Enhancing Energy Generation While Mitigating Noise Emissions in Wind Turbines Through Multi-Objective Optimization: A Deep Reinforcement Learning Approach

Resumen

We develop a torque-pitch control framework using deep reinforcement learning for wind turbines to optimize the generation of wind turbine energy while minimizing operational noise. We employ a double deep Q-learning, coupled to a blade element momentum solver, to enable precise control over wind turbine parameters. In addition to the blade element momentum, we use the wind turbine acoustic model of Brooks Pope and Marcolini. Through training with simple winds, the agent learns optimal control policies that allow efficient control for complex turbulent winds. Our experiments demonstrate that reinforcement learning can find optimals at the Pareto front when maximizing energy while minimizing noise.

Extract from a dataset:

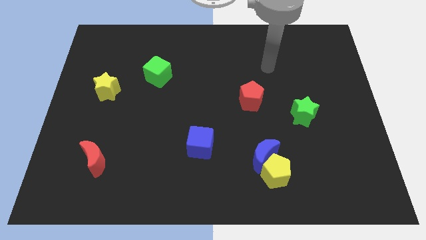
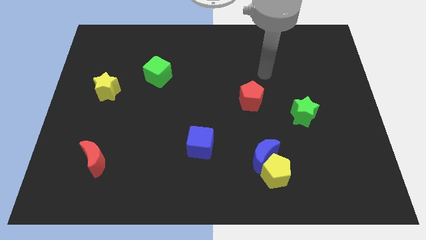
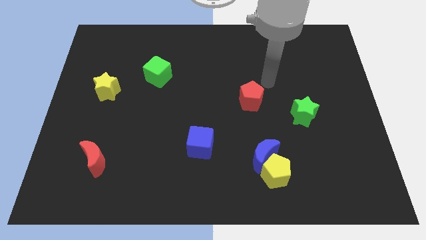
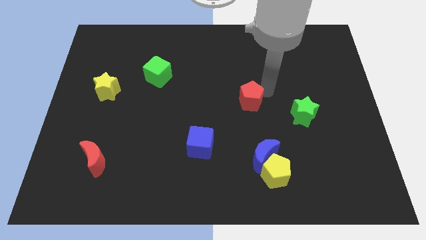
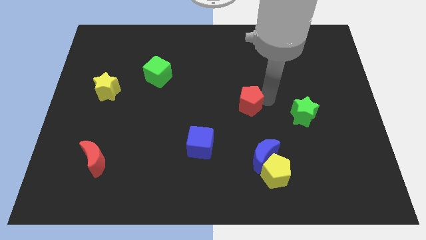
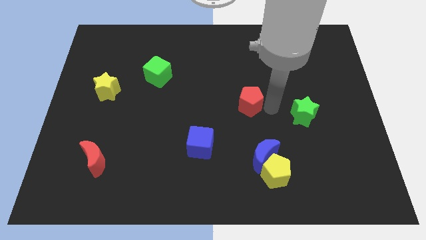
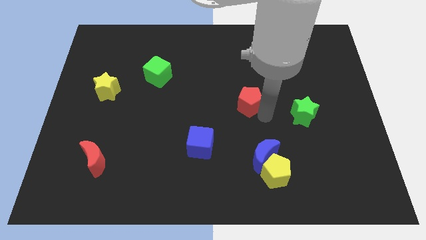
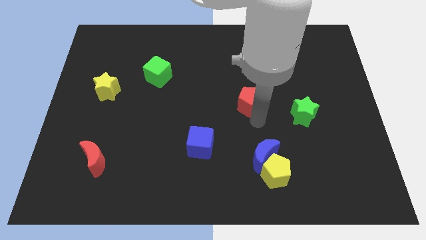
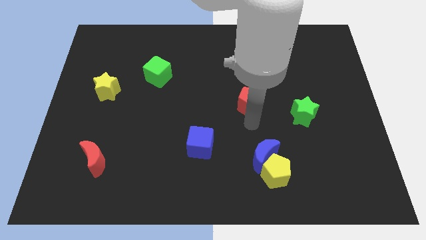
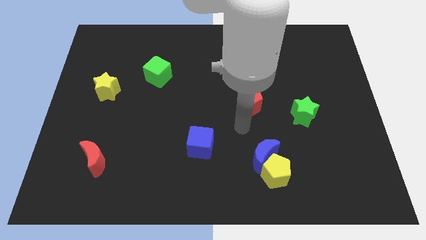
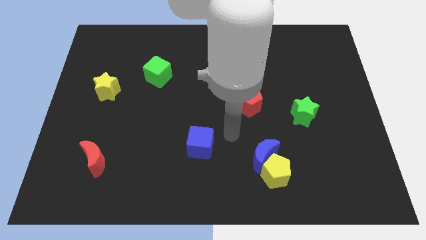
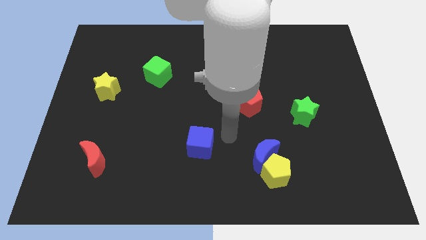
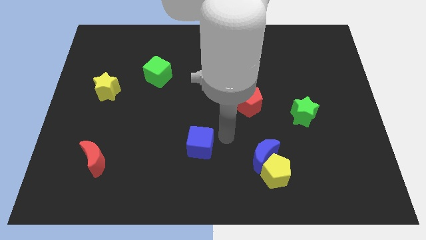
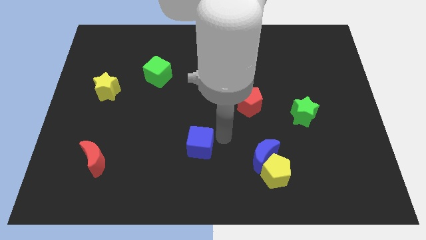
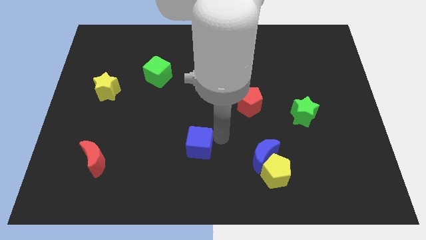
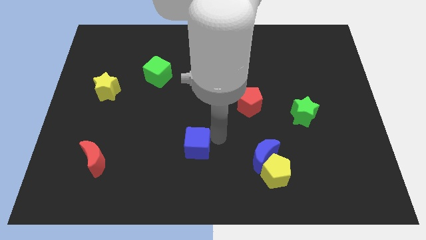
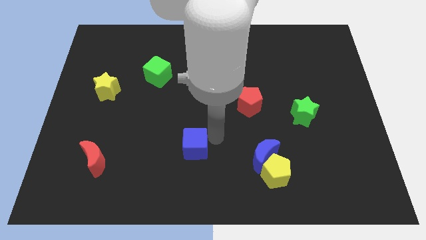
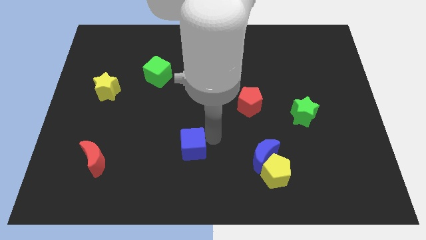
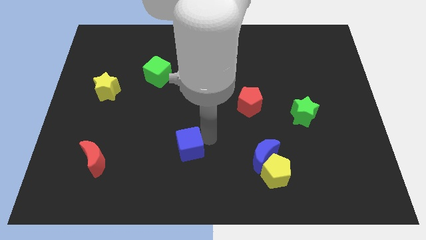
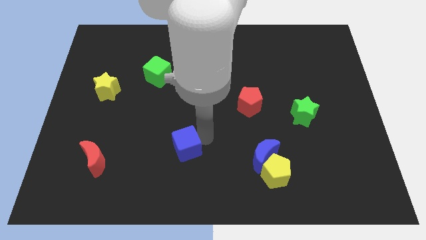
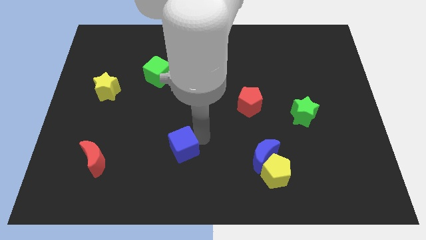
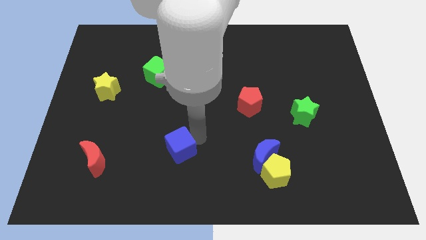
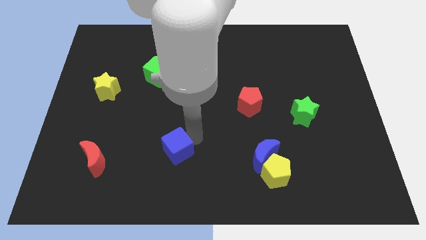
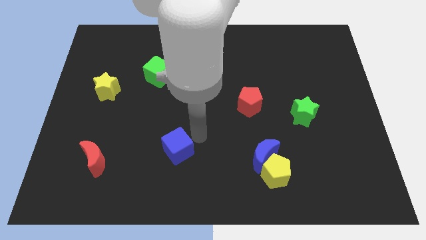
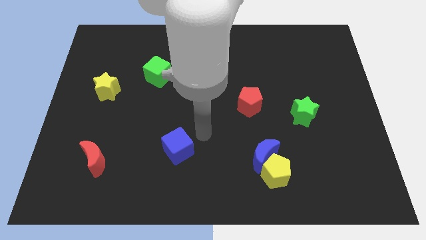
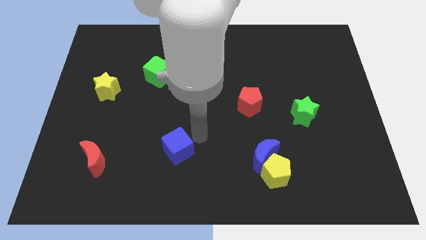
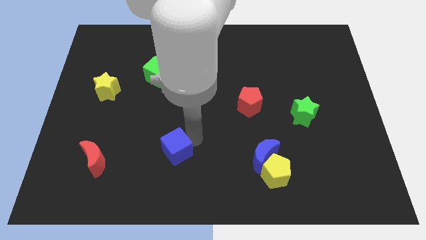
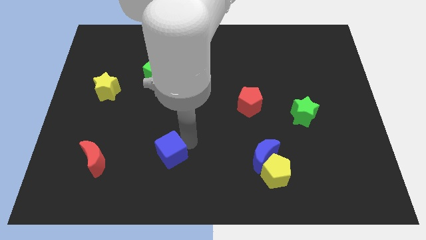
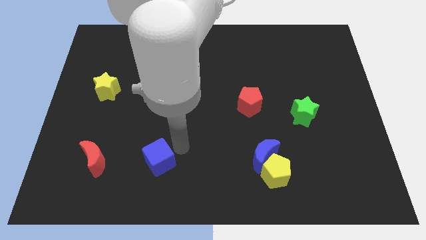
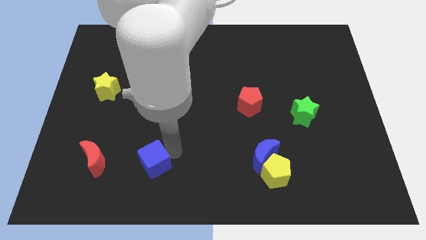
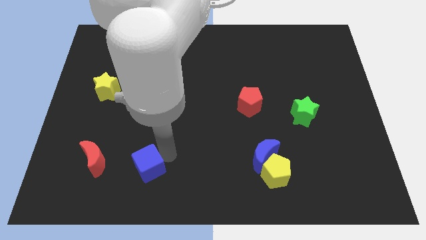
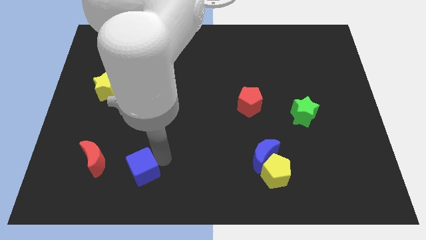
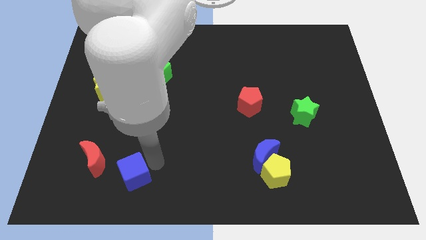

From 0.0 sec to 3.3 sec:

In addition, the adaptability of the reinforcement learning agent to changing turbulent wind conditions underscores its efficacy for real-world applications. We validate the methodology using a SWT2.3-93 wind turbine with a rated power of 2.3 MW. We compare the reinforcement learning control with classic controls to show that they are comparable when noise emissions are not taken into account. When including a maximum limit of 45 dBA in the noise produced (100-m downwind of the turbine), the extracted yearly energy decreases by 22%. The methodology is flexible and allows for easy tuning of the objectives and constraints through the reward definitions, resulting in a flexible multi-objective optimization framework for wind turbine control. In general, our findings highlight the potential of RL-based control strategies to improve wind turbine efficiency while mitigating noise pollution, thus advancing sustainable energy generation technologies.